REQUIRED ACTION
Write out exactly, excluding pictures, the lines from the one containing "00:04:09.400" through the end of the data, both included.
*** Opening of MATERIAL FOR THE TASK ***
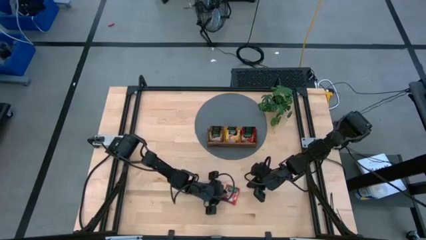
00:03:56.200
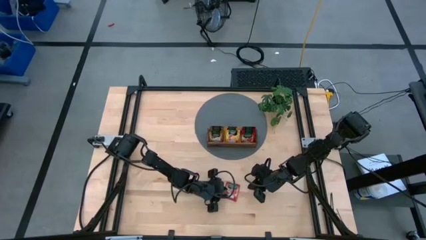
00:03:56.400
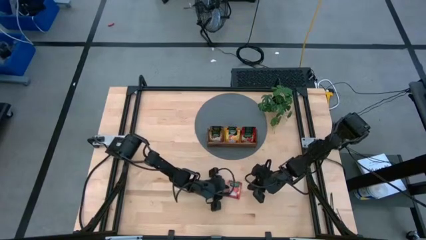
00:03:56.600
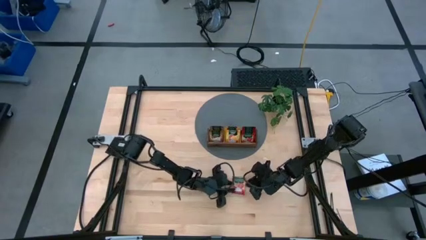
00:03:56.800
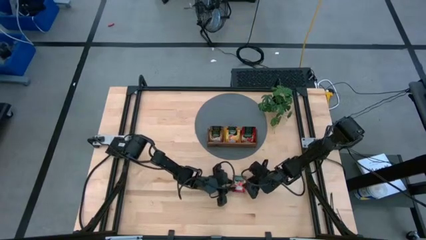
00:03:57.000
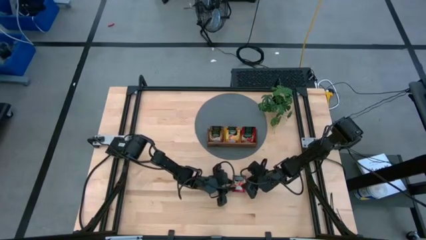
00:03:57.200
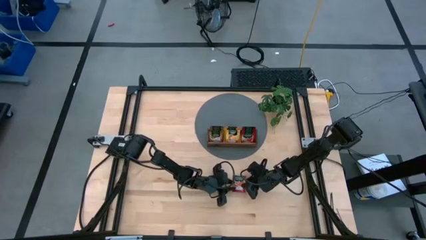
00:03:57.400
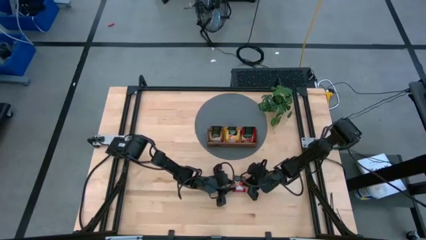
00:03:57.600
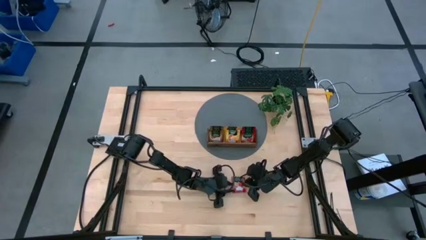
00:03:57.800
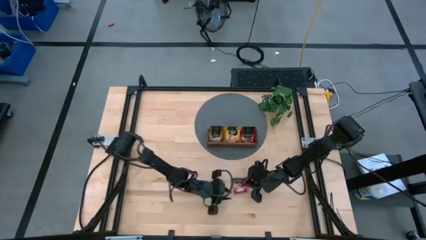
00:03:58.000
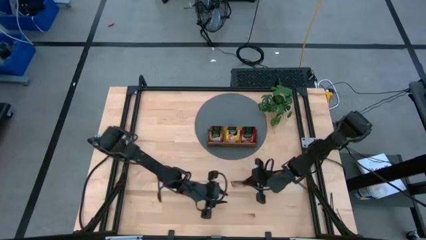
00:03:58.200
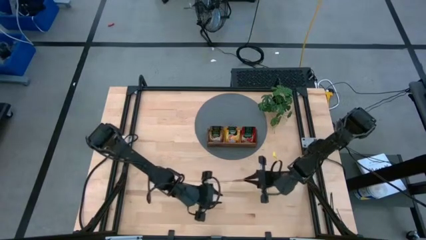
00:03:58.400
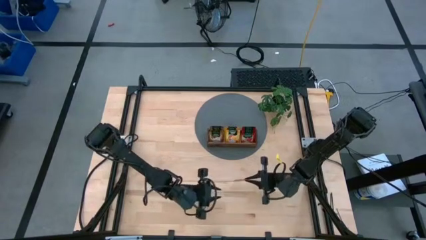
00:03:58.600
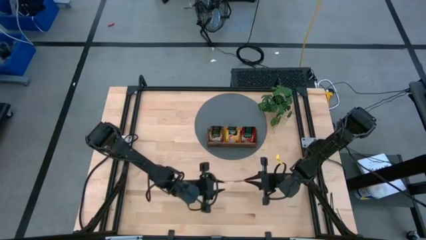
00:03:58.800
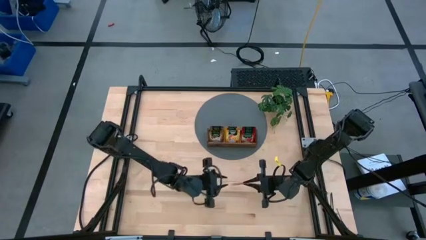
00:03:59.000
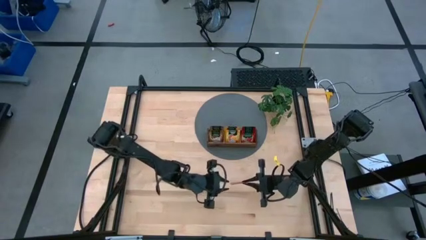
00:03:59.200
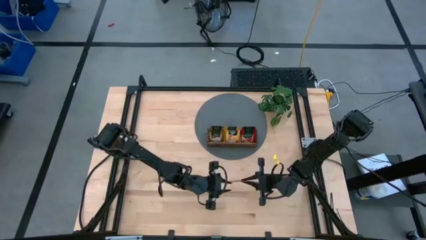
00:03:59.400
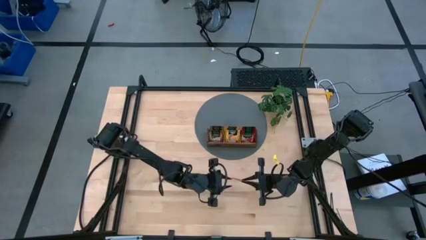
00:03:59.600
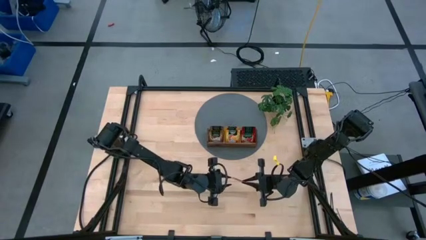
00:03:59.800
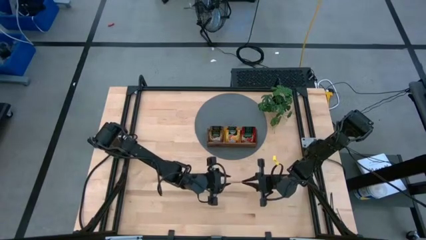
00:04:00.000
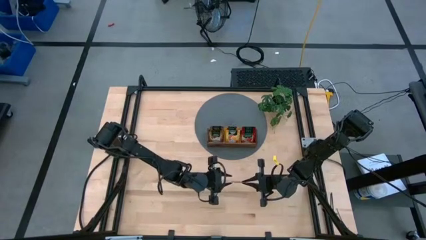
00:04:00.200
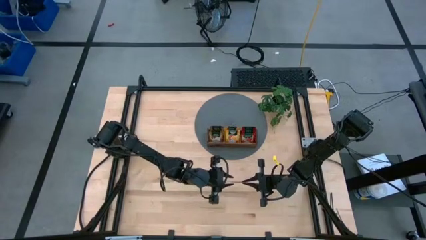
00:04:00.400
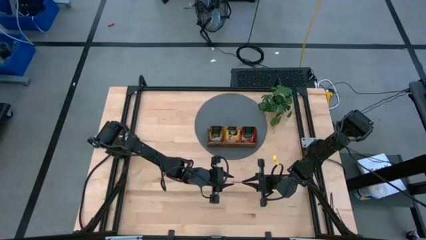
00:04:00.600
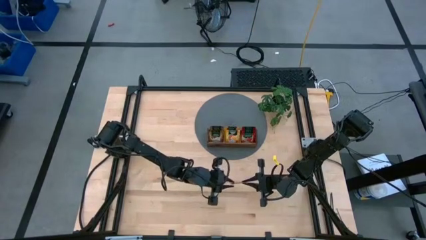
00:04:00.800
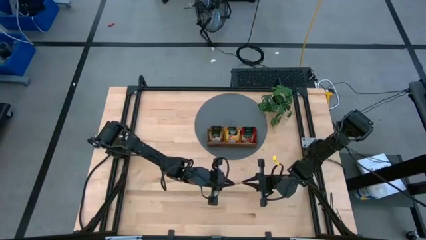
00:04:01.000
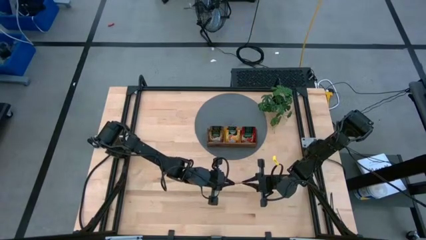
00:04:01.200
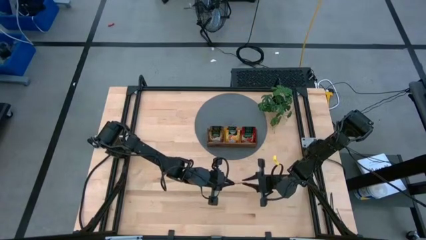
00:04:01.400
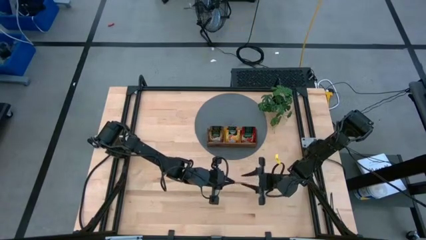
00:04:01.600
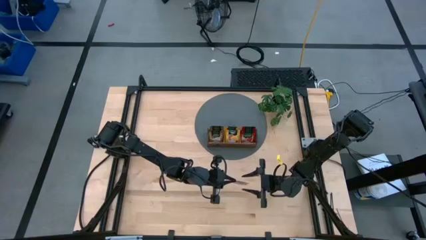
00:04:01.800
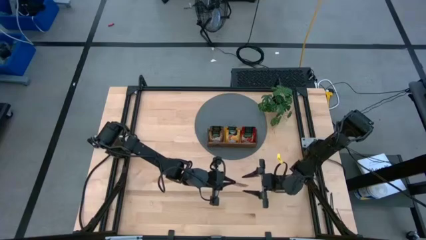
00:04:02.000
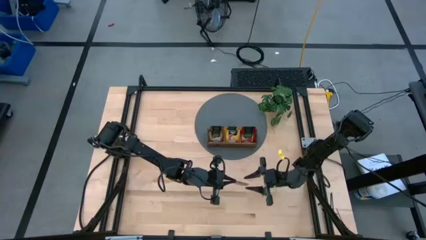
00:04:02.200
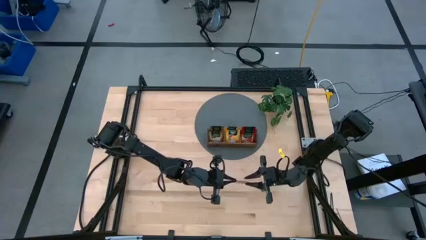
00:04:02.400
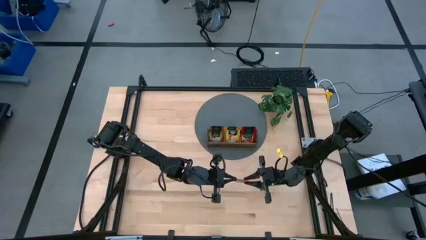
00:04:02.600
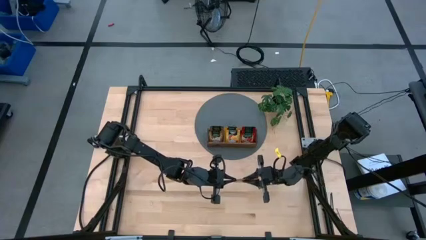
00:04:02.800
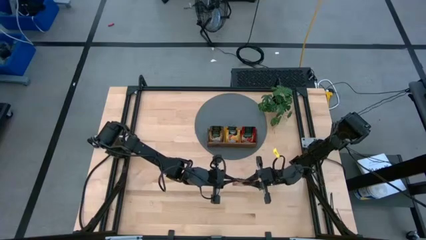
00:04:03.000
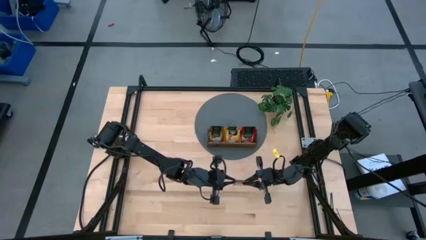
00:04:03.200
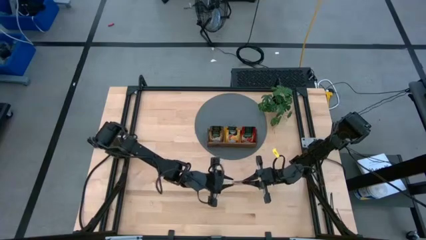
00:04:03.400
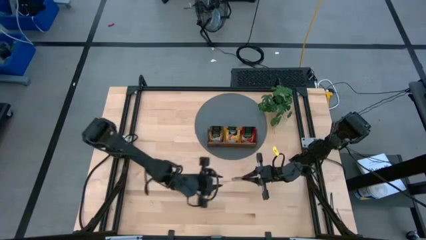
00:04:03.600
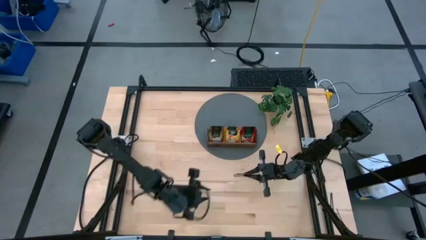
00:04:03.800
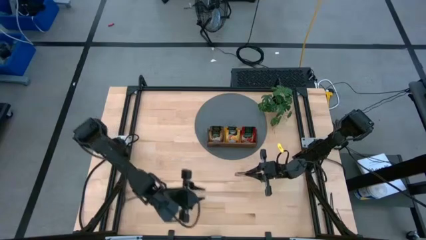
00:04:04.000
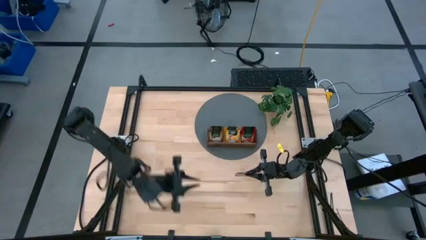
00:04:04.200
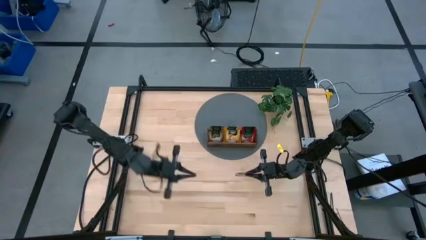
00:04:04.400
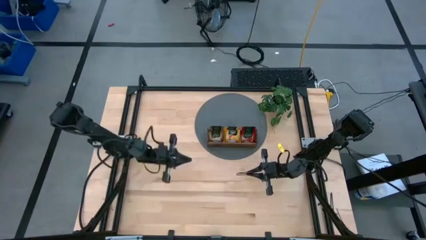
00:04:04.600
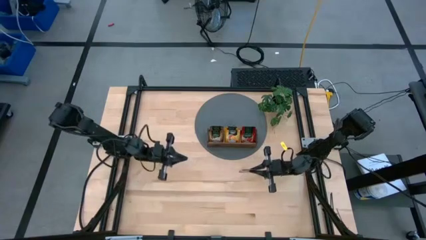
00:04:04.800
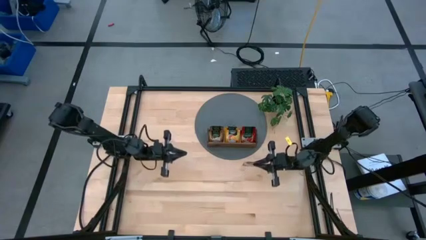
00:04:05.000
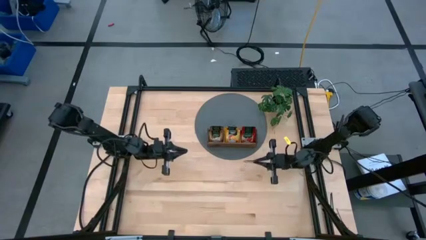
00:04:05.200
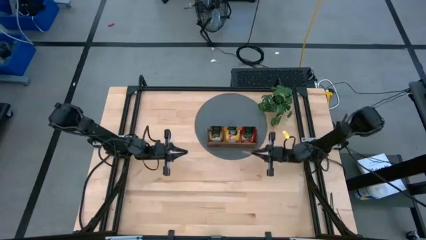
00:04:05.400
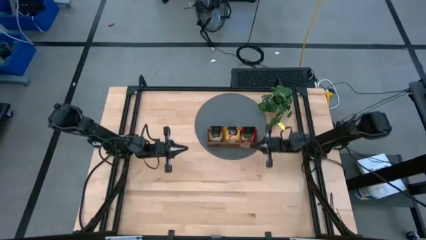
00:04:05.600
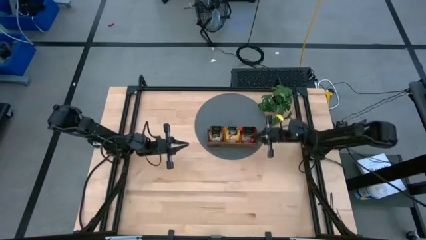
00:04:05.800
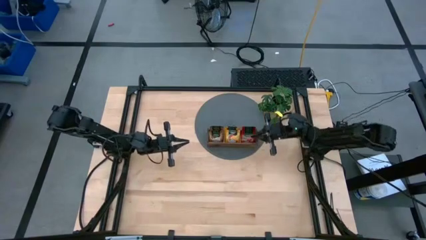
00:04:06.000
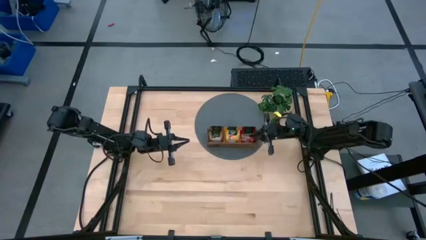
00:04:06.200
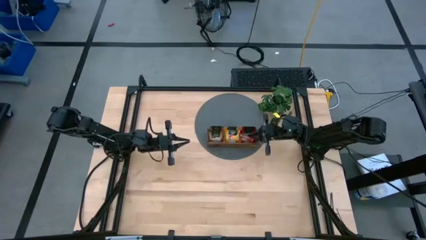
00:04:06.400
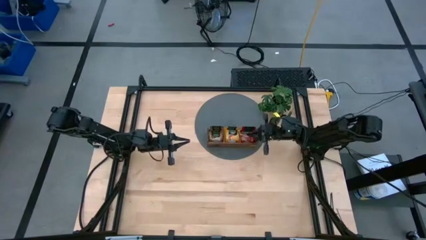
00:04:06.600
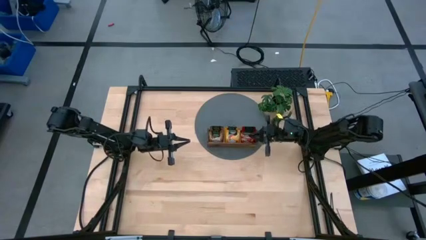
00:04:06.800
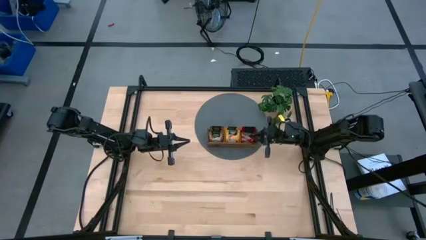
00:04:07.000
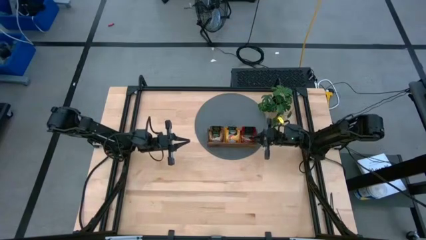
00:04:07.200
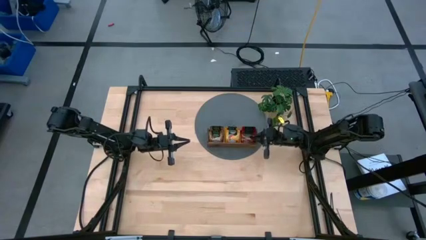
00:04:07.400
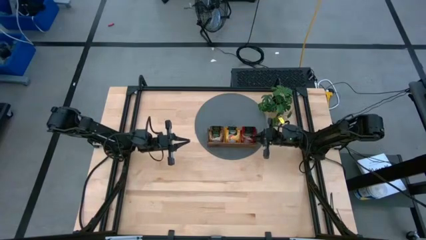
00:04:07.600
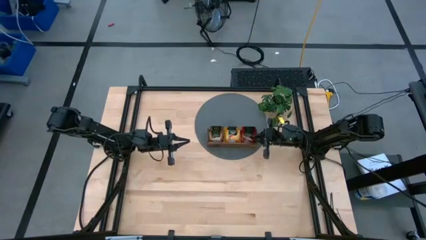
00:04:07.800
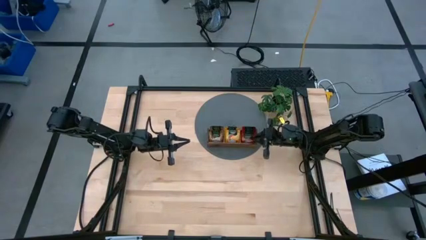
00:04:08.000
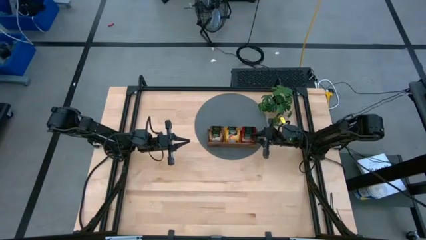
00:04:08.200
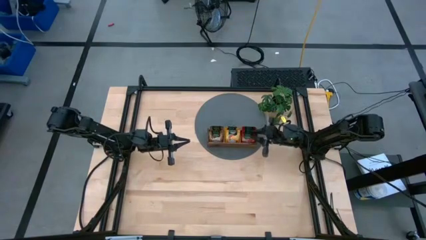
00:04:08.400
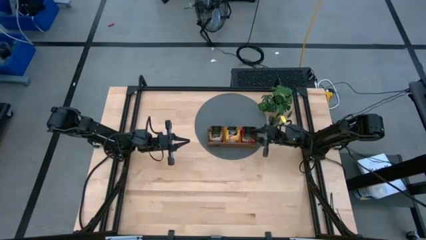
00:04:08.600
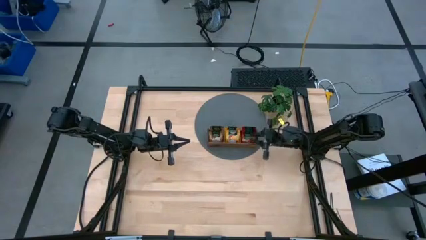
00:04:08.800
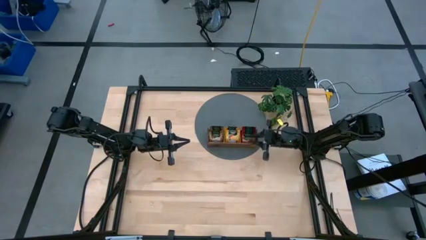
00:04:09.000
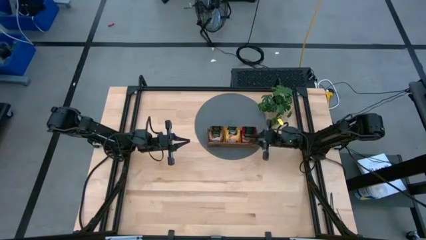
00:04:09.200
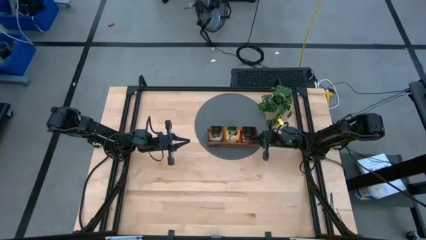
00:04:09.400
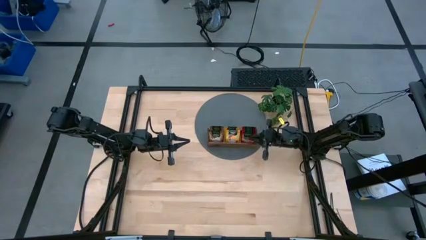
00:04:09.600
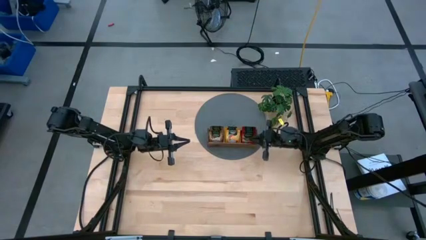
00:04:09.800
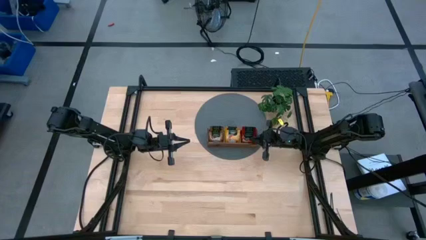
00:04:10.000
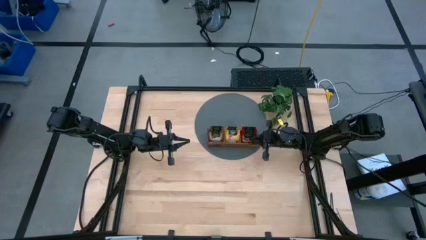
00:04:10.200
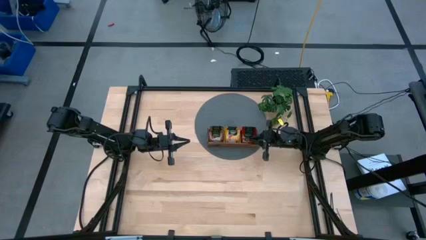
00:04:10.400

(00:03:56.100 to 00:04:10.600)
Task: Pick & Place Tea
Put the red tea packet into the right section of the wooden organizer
*** Close of MATERIAL FOR THE TASK ***
FINISHED EXERCISE
00:04:09.400
00:04:09.600
00:04:09.800
00:04:10.000
00:04:10.200
00:04:10.400

(00:03:56.100 to 00:04:10.600)
Task: Pick & Place Tea
Put the red tea packet into the right section of the wooden organizer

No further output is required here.